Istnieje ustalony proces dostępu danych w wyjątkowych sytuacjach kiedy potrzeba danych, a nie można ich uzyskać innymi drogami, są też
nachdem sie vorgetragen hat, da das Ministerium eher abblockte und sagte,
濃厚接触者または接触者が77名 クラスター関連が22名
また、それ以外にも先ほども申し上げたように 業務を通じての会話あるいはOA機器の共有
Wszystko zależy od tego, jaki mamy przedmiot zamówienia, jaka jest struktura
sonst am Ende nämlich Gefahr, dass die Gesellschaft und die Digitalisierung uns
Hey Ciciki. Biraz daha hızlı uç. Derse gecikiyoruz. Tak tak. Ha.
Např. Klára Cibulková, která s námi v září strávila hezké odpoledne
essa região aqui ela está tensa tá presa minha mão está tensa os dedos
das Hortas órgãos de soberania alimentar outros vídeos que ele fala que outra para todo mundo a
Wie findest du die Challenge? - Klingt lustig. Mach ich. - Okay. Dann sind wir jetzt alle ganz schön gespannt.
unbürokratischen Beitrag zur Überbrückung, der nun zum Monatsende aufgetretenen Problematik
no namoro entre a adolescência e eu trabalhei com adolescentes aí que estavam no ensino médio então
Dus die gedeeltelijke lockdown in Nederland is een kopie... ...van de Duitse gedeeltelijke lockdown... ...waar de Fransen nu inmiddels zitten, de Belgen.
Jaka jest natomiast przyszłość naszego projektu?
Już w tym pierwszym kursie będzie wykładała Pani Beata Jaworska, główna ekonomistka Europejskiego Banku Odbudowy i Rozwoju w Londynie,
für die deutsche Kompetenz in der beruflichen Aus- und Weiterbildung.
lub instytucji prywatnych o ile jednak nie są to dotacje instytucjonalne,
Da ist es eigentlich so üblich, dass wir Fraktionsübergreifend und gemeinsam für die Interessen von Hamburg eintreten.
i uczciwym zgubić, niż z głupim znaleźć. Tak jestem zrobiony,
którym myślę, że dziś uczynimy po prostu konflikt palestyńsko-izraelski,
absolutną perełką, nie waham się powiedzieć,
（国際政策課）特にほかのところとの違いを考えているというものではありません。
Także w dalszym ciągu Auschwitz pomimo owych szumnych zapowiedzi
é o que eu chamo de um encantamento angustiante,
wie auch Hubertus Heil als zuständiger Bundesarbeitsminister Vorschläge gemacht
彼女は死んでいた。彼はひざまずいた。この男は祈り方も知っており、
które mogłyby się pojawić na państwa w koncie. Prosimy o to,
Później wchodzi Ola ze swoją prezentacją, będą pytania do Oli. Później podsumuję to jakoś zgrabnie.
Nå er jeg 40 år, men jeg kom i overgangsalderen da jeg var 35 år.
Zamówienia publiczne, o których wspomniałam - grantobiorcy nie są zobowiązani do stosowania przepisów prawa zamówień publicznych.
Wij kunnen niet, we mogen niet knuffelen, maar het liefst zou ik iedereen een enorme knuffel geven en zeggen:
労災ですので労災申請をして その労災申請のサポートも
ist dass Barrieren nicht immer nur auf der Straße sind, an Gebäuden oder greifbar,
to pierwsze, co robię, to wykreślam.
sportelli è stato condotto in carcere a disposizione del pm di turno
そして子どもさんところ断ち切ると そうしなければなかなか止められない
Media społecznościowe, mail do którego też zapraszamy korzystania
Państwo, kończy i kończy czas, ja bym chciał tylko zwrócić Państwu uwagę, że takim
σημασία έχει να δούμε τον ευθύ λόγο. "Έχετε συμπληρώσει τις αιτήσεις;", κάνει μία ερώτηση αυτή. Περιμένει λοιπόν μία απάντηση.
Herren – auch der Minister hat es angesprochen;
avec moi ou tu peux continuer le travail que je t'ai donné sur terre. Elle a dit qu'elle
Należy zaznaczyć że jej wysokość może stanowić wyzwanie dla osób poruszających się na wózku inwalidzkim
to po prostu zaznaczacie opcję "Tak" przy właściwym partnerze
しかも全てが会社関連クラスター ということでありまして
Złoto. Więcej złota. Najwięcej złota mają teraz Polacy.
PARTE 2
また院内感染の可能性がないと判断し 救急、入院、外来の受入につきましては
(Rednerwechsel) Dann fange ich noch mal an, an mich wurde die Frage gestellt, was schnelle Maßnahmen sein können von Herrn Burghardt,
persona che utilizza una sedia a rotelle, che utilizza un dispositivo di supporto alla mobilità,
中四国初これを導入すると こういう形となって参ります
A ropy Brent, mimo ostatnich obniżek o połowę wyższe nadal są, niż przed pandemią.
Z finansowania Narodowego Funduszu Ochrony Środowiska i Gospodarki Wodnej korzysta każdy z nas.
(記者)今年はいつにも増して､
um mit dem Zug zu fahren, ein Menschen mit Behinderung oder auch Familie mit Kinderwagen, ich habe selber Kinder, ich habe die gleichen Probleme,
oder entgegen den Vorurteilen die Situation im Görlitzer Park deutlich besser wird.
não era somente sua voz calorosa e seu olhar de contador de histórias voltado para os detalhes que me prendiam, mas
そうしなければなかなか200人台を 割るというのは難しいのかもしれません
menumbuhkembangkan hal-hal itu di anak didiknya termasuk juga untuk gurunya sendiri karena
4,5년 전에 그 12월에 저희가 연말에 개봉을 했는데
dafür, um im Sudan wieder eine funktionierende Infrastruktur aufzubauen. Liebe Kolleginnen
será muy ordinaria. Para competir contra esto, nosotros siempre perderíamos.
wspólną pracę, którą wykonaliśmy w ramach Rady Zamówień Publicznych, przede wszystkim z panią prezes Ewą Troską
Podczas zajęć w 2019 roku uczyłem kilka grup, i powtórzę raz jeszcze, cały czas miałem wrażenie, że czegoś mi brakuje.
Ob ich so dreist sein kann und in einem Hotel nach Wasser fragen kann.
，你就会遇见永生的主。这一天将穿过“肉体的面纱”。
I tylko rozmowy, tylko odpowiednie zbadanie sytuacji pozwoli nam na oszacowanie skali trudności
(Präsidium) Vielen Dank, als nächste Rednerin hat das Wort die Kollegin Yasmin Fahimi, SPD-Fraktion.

== == ==

ACTIVITY: Retyping the whole listing exactly is the task here.

TASK ANSWER:
Istnieje ustalony proces dostępu danych w wyjątkowych sytuacjach kiedy potrzeba danych, a nie można ich uzyskać innymi drogami, są też
nachdem sie vorgetragen hat, da das Ministerium eher abblockte und sagte,
濃厚接触者または接触者が77名 クラスター関連が22名
また、それ以外にも先ほども申し上げたように 業務を通じての会話あるいはOA機器の共有
Wszystko zależy od tego, jaki mamy przedmiot zamówienia, jaka jest struktura
sonst am Ende nämlich Gefahr, dass die Gesellschaft und die Digitalisierung uns
Hey Ciciki. Biraz daha hızlı uç. Derse gecikiyoruz. Tak tak. Ha.
Např. Klára Cibulková, která s námi v září strávila hezké odpoledne
essa região aqui ela está tensa tá presa minha mão está tensa os dedos
das Hortas órgãos de soberania alimentar outros vídeos que ele fala que outra para todo mundo a
Wie findest du die Challenge? - Klingt lustig. Mach ich. - Okay. Dann sind wir jetzt alle ganz schön gespannt.
unbürokratischen Beitrag zur Überbrückung, der nun zum Monatsende aufgetretenen Problematik
no namoro entre a adolescência e eu trabalhei com adolescentes aí que estavam no ensino médio então
Dus die gedeeltelijke lockdown in Nederland is een kopie... ...van de Duitse gedeeltelijke lockdown... ...waar de Fransen nu inmiddels zitten, de Belgen.
Jaka jest natomiast przyszłość naszego projektu?
Już w tym pierwszym kursie będzie wykładała Pani Beata Jaworska, główna ekonomistka Europejskiego Banku Odbudowy i Rozwoju w Londynie,
für die deutsche Kompetenz in der beruflichen Aus- und Weiterbildung.
lub instytucji prywatnych o ile jednak nie są to dotacje instytucjonalne,
Da ist es eigentlich so üblich, dass wir Fraktionsübergreifend und gemeinsam für die Interessen von Hamburg eintreten.
i uczciwym zgubić, niż z głupim znaleźć. Tak jestem zrobiony,
którym myślę, że dziś uczynimy po prostu konflikt palestyńsko-izraelski,
absolutną perełką, nie waham się powiedzieć,
（国際政策課）特にほかのところとの違いを考えているというものではありません。
Także w dalszym ciągu Auschwitz pomimo owych szumnych zapowiedzi
é o que eu chamo de um encantamento angustiante,
wie auch Hubertus Heil als zuständiger Bundesarbeitsminister Vorschläge gemacht
彼女は死んでいた。彼はひざまずいた。この男は祈り方も知っており、
które mogłyby się pojawić na państwa w koncie. Prosimy o to,
Później wchodzi Ola ze swoją prezentacją, będą pytania do Oli. Później podsumuję to jakoś zgrabnie.
Nå er jeg 40 år, men jeg kom i overgangsalderen da jeg var 35 år.
Zamówienia publiczne, o których wspomniałam - grantobiorcy nie są zobowiązani do stosowania przepisów prawa zamówień publicznych.
Wij kunnen niet, we mogen niet knuffelen, maar het liefst zou ik iedereen een enorme knuffel geven en zeggen:
労災ですので労災申請をして その労災申請のサポートも
ist dass Barrieren nicht immer nur auf der Straße sind, an Gebäuden oder greifbar,
to pierwsze, co robię, to wykreślam.
sportelli è stato condotto in carcere a disposizione del pm di turno
そして子どもさんところ断ち切ると そうしなければなかなか止められない
Media społecznościowe, mail do którego też zapraszamy korzystania
Państwo, kończy i kończy czas, ja bym chciał tylko zwrócić Państwu uwagę, że takim
σημασία έχει να δούμε τον ευθύ λόγο. "Έχετε συμπληρώσει τις αιτήσεις;", κάνει μία ερώτηση αυτή. Περιμένει λοιπόν μία απάντηση.
Herren – auch der Minister hat es angesprochen;
avec moi ou tu peux continuer le travail que je t'ai donné sur terre. Elle a dit qu'elle
Należy zaznaczyć że jej wysokość może stanowić wyzwanie dla osób poruszających się na wózku inwalidzkim
to po prostu zaznaczacie opcję "Tak" przy właściwym partnerze
しかも全てが会社関連クラスター ということでありまして
Złoto. Więcej złota. Najwięcej złota mają teraz Polacy.
PARTE 2
また院内感染の可能性がないと判断し 救急、入院、外来の受入につきましては
(Rednerwechsel) Dann fange ich noch mal an, an mich wurde die Frage gestellt, was schnelle Maßnahmen sein können von Herrn Burghardt,
persona che utilizza una sedia a rotelle, che utilizza un dispositivo di supporto alla mobilità,
中四国初これを導入すると こういう形となって参ります
A ropy Brent, mimo ostatnich obniżek o połowę wyższe nadal są, niż przed pandemią.
Z finansowania Narodowego Funduszu Ochrony Środowiska i Gospodarki Wodnej korzysta każdy z nas.
(記者)今年はいつにも増して､
um mit dem Zug zu fahren, ein Menschen mit Behinderung oder auch Familie mit Kinderwagen, ich habe selber Kinder, ich habe die gleichen Probleme,
oder entgegen den Vorurteilen die Situation im Görlitzer Park deutlich besser wird.
não era somente sua voz calorosa e seu olhar de contador de histórias voltado para os detalhes que me prendiam, mas
そうしなければなかなか200人台を 割るというのは難しいのかもしれません
menumbuhkembangkan hal-hal itu di anak didiknya termasuk juga untuk gurunya sendiri karena
4,5년 전에 그 12월에 저희가 연말에 개봉을 했는데
dafür, um im Sudan wieder eine funktionierende Infrastruktur aufzubauen. Liebe Kolleginnen
será muy ordinaria. Para competir contra esto, nosotros siempre perderíamos.
wspólną pracę, którą wykonaliśmy w ramach Rady Zamówień Publicznych, przede wszystkim z panią prezes Ewą Troską
Podczas zajęć w 2019 roku uczyłem kilka grup, i powtórzę raz jeszcze, cały czas miałem wrażenie, że czegoś mi brakuje.
Ob ich so dreist sein kann und in einem Hotel nach Wasser fragen kann.
，你就会遇见永生的主。这一天将穿过“肉体的面纱”。
I tylko rozmowy, tylko odpowiednie zbadanie sytuacji pozwoli nam na oszacowanie skali trudności
(Präsidium) Vielen Dank, als nächste Rednerin hat das Wort die Kollegin Yasmin Fahimi, SPD-Fraktion.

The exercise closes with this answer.